TASK ITEM
Exactly reproduce the lines from the line bearing "[00:00:05.800]" through the end of the listing, inclusive of both; pictures are to be omitted.

—————

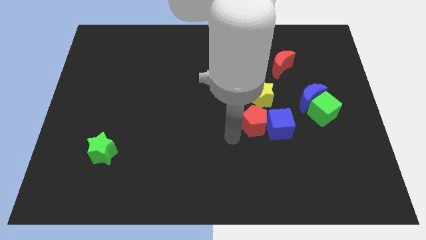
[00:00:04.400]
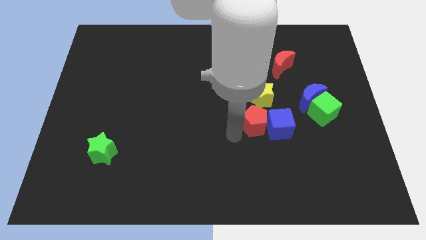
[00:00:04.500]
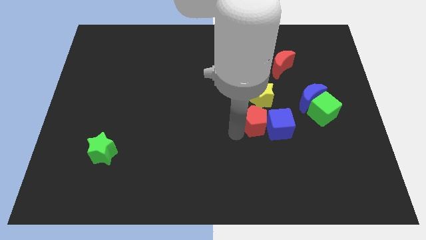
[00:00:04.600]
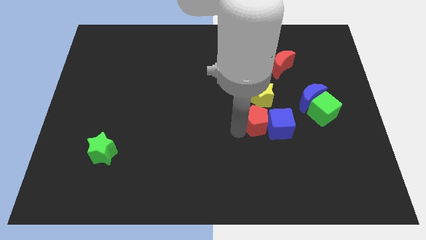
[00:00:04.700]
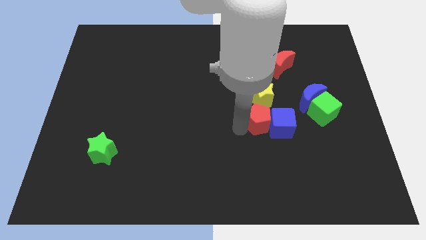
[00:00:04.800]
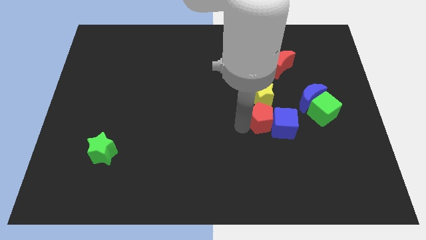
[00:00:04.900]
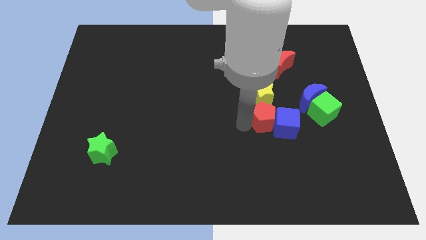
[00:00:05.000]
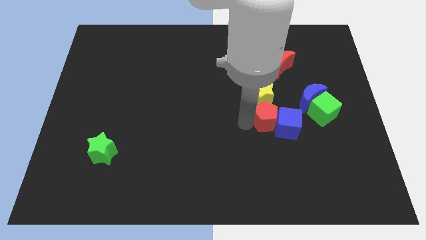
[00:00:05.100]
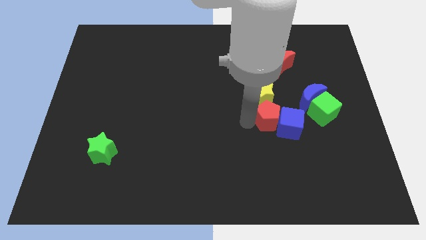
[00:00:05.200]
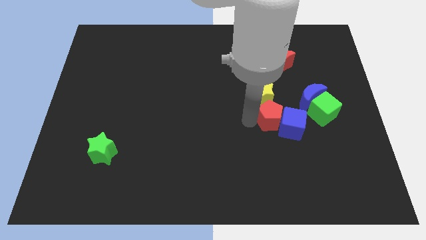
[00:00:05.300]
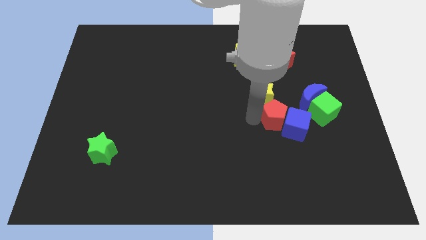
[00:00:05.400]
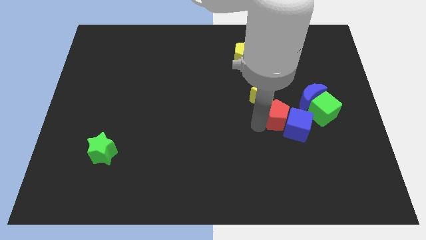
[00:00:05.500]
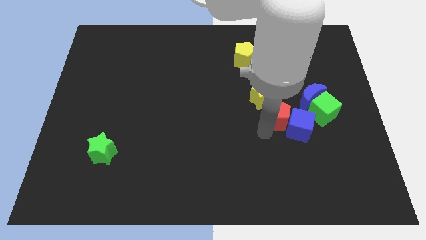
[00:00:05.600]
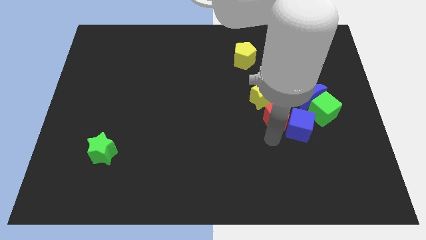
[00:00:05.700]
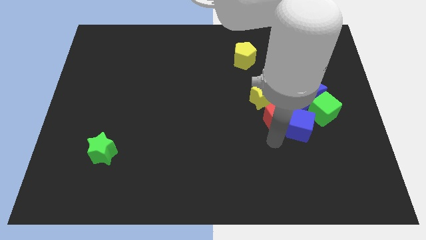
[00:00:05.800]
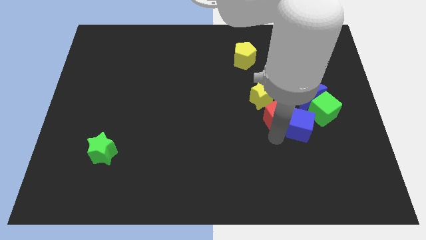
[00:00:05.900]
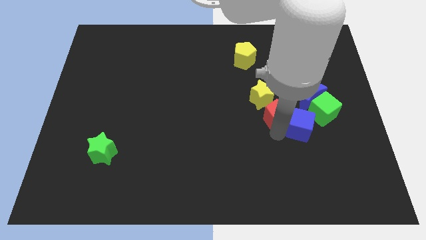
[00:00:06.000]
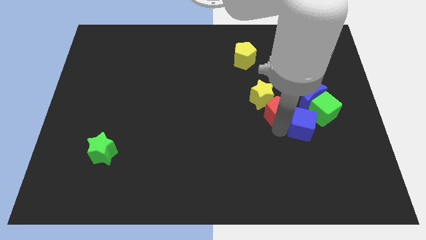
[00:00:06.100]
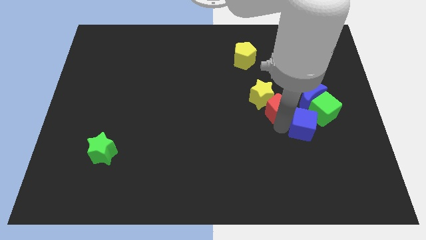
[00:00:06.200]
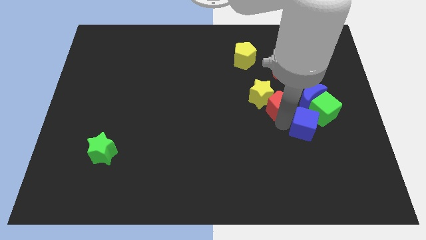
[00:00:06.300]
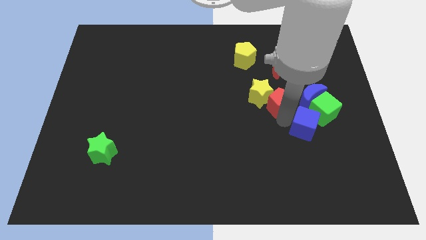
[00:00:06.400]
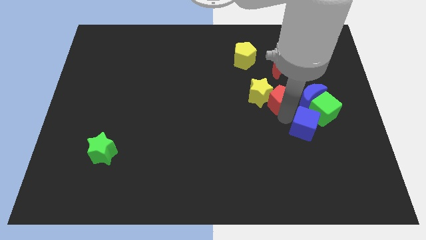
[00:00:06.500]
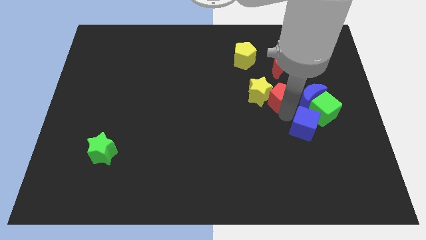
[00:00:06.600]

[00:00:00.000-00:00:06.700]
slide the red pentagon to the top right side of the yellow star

—————

WRITTEN SOLUTION
[00:00:05.800]
[00:00:05.900]
[00:00:06.000]
[00:00:06.100]
[00:00:06.200]
[00:00:06.300]
[00:00:06.400]
[00:00:06.500]
[00:00:06.600]

[00:00:00.000-00:00:06.700]
slide the red pentagon to the top right side of the yellow star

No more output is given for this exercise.